Они не заметили, что уже давно стоят возле дома, в котором жила Искра. Может быть, и еще бы простояли на холоду, но подошел Виталий. Откуда–то возвращался.

— Искруха! — сказал он, обнимая ее за спину. — Пошли домой. Ты что, только с завода? Так поздно собрание окончилось? Прозаседаетесь! А это кто с тобой? Знакомь. — Он был весел, улыбался во все лицо.

Искра назвала ему Дмитрия, а Дмитрию представила Виталия, сказав: «Муж».

— Пошли к нам, товарищ, — пригласил Виталий радушно. — Что–нибудь в наших запасах найдется. А, Искруха?

— Я спешу, — решительно отказался Дмитрий. — Меня ждут дома. — Он попрощался и ушел своим твердым, широким шагом.

Никто его, конечно, дома не ждал. Ждать могли только в субботу, а был четверг. Но ему не хотелось видеть мужа инженера Козаковой. Может быть, этот муж чудеснейший человек, лучше, как говорится, и на свете нет, все равно ни знакомиться с ним, ни в гостях у него сидеть никакого желания не было. Непонятная и беспричинная обида проникала в душу. Странно: откуда она, от кого? Ведь он всегда так гордо говаривал: кто его обидит, тому и жизни–то жить до утра.

10

Виталий Козаков не мог пожаловаться на свои дела. Портрет сталевара, который так нравился Искре, у него купили — из Москвы специально приезжал представитель закупочной комиссии. «Рыбака» отобрали на выставку. На стенах комнаты появилось еще несколько новых портретов и пейзажей. Деньги были, настроение работать было. Чего еще желать?

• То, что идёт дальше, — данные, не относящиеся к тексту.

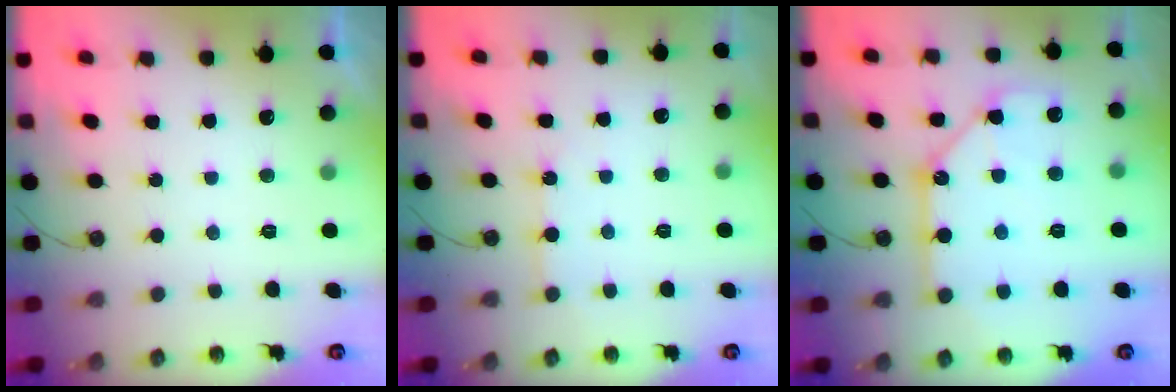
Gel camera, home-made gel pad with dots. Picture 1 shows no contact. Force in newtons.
{"total": 4.0, "press": 4.0, "slide": 0.5}
{"total": 10.9, "press": 10.9, "slide": 1.2}

В Москве, особенно в последние годы, Виталий работал без всякой охоты, без радости — просто из необходимости зарабатывать на жизнь. Темы и сюжеты выдумывались трудно. Шел однажды мимо Дома союзов, была июньская ночь, светало, в окнах дома сверкали огни люстр, слышалась духовая музыка, мелькали белые платья. Спросил у входа, что там происходит. Сказали: общегородской вечер тех, кто окончил школу с медалями. Постоял под окнами, вспомнил свою школу. Хотел подняться наверх, не пустили. Но июньская ночь эта не ушла из памяти. Постепенно, день за днем складывалась картина: какая–то лестница, не главная, не парадная; через приоткрытую дверь, где–то в глубинах здания, в светлом зале видны кружащиеся пары. А здесь, на переднем плане, на подоконнике лестничного окна, комкая в руках платочек, сидит девочка–девушка в коричневом форменном платье. Перед нею, потупясь, стоит паренек. Идет объяснение в последние минуты школьной жизни.

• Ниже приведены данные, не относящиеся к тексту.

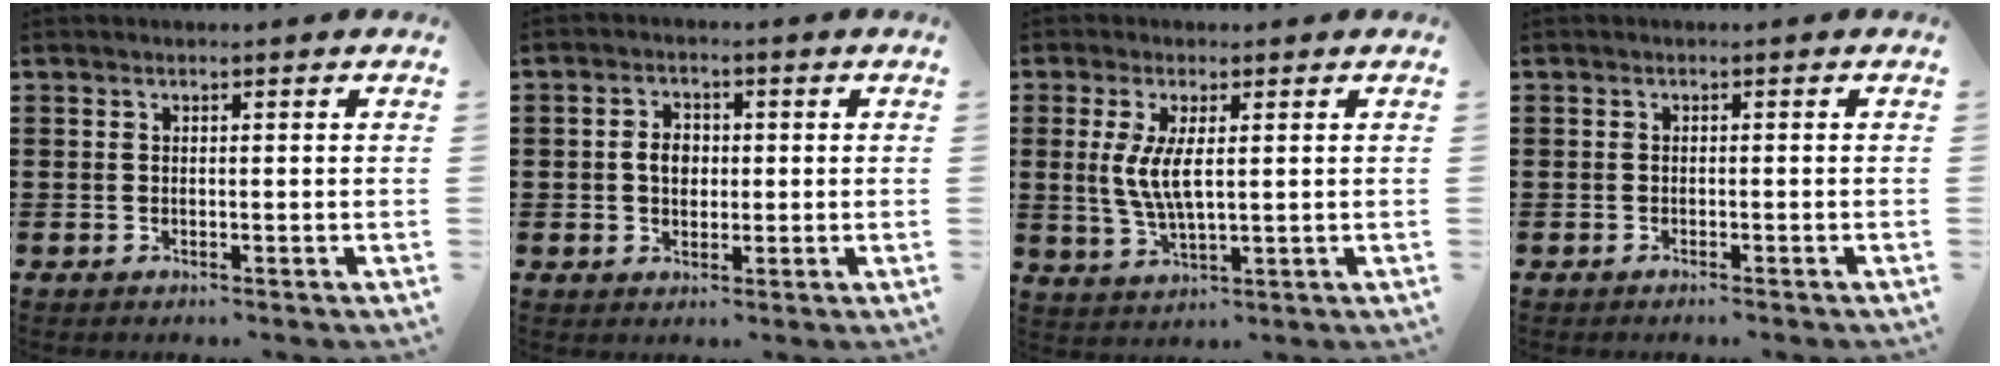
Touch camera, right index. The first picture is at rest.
{"total": 3.4, "force": [0.0, 2.5, 2.3], "torque": [-0.050, 0.009, -0.002]}
{"total": 5.5, "force": [0.7, 1.8, 5.2], "torque": [-0.108, 0.002, 0.010]}
{"total": 0.6, "force": [-0.6, 0.0, 0.3], "torque": [-0.007, -0.001, -0.011]}

Написал Виталий, постарался, краски положил точные, выразительные. На выставке перед его картиной останавливались, восхищались, ахали: «До чего похоже! Совсем как живые!» Гордился. Потом из Сибири, из Омска, кажется, ему прислали старый журнальчик, за тысяча девятьсот одиннадцатый год. В журнале был рисунок, крупно и в красках воспроизводивший — о ужас! — почти его, Виталия Козакова, картину. Полутемная лестница на переднем плане, за приоткрытой дверью — сверкающий огнями зал и танцующие. И тоже — не на подоконнике, правда, а просто у стены — стоит девочка–девушка в коричневом платье и перед нею паренек в гимназической курточке. Идет объяснение.